More tourists but areas get smaller

Tags: Excerpts from the Windmill

AALTEN - Picturesque, tranquil. Historic with its centuries-old manors, castles, farmsteads, villages and towns, and in many other ways vastly different from any other region of the country. The eastern Dutch region known as the ‘Achterhoek’ also is considered the most bicycle friendly in the country. Among pedalling sightseers, it is rated highest because of the area’s abundance of dedicated bicycle paths and of quiet country lanes.

The Achterhoek literally the ‘rear corner’ of the country and of the province of Gelderland is a wooded and often rolling landscape around such towns and villages as Winterswijk, Groenlo, Lichtevoorde, Varsseveld, Ruurlo, Zutphen and Doetinchem. In the east and south, the area borders with Germany, to the west is the River IJssel and to the north, the Achterhoek in every other way seamlessly merges with Twente although politically a part of the province of Overijssel.

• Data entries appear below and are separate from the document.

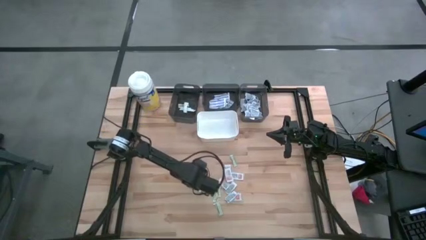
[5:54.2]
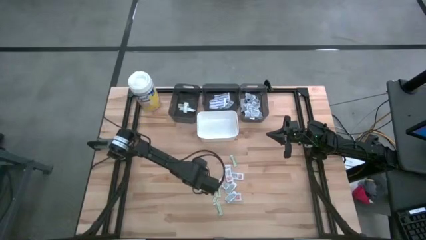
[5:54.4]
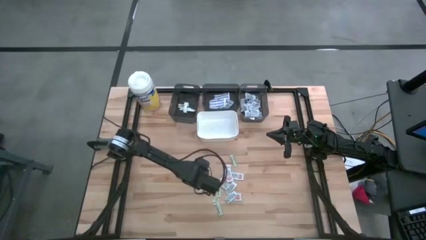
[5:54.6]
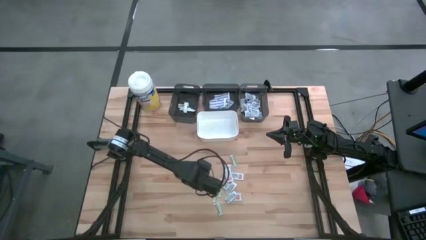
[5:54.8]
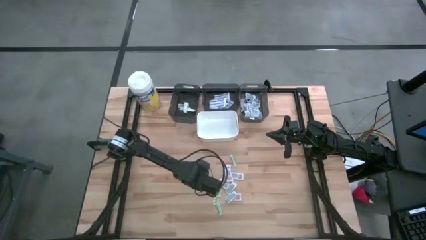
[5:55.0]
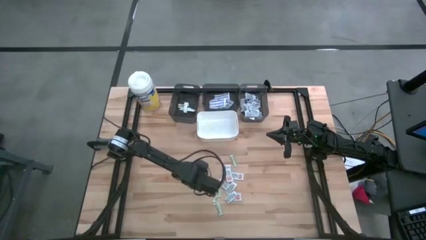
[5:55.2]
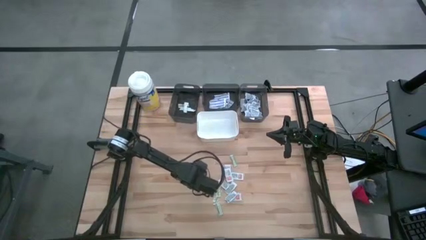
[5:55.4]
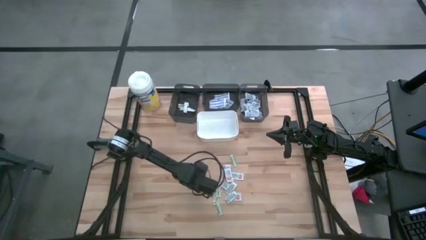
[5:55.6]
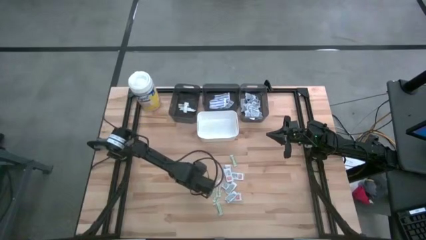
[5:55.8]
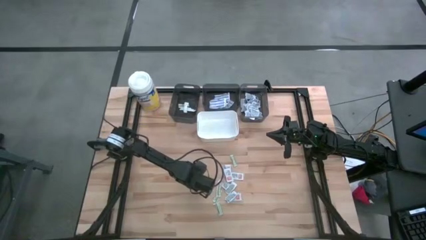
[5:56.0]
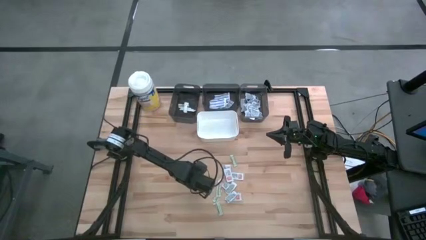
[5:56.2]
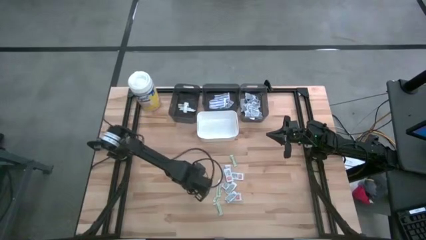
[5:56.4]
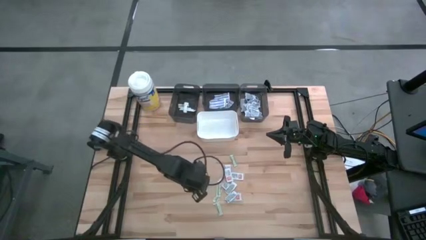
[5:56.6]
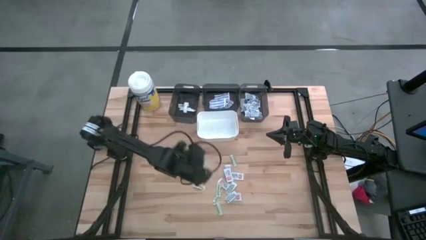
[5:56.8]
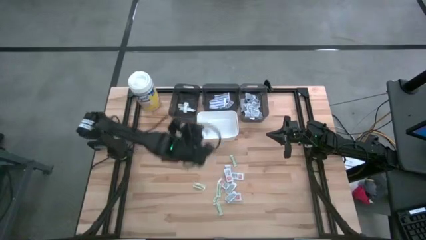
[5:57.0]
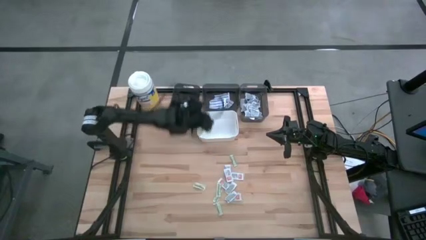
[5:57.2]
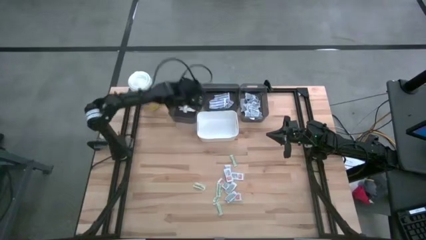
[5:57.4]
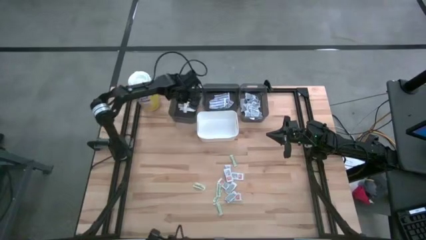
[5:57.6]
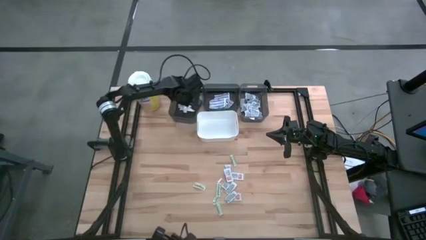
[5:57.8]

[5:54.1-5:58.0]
Put the green bandage pack into the left black bin

In a recent survey, six popular tourist areas were compared for their appeal to recreational bicycle tourists. The Achterhoek competed with the Veluwe and Gelderland Valley in the centre of the country, the northern province of Drenthe, the heavily diked delta area between the Great Rivers (the Meuse and the Waal/Rhine), the region around the cities of Arnhem and Nijmegen, and the Utrecht Ridge, the northslope of the Rhine between the towns of Rhenen and Driebergen.

Scoring points for the Achterhoek region were the abundance of road signs, the area’s picturesque streams and brooks, its tranquility, and the easy access to various nature parks. Lauded as well were the province’s attention to tourist markers and panels, the availability of rental bikes at numerous outlets and the information provided on websites.

In a country of just over sixteen million people, around eleven million make a recreational bike ride of two hours or more at least once a year. The number of such bike trips is increasing still, although urban expansion and encroachment into what is called ‘green space’ over time could have a negative impact on this phenomenon. It could put undue pressure on the remaining space.

In a subsequent survey, more areas attractive for recreational bike trips will be included. The survey was commissioned by the National Bicycle Platform Foundation.

The Achterhoek also is home to such towns as Bredevoort, which in recent decades has gained a reputation as the (antiquarian) book sellers’ capital of the Netherlands, Borculo, which made headlines when it was devastated by a tornado in 1925 as well as the villages of Zeddam, Neede, Eibergen, Delden and Dinxperlo, and the twelve centuries-old village of Zelhem.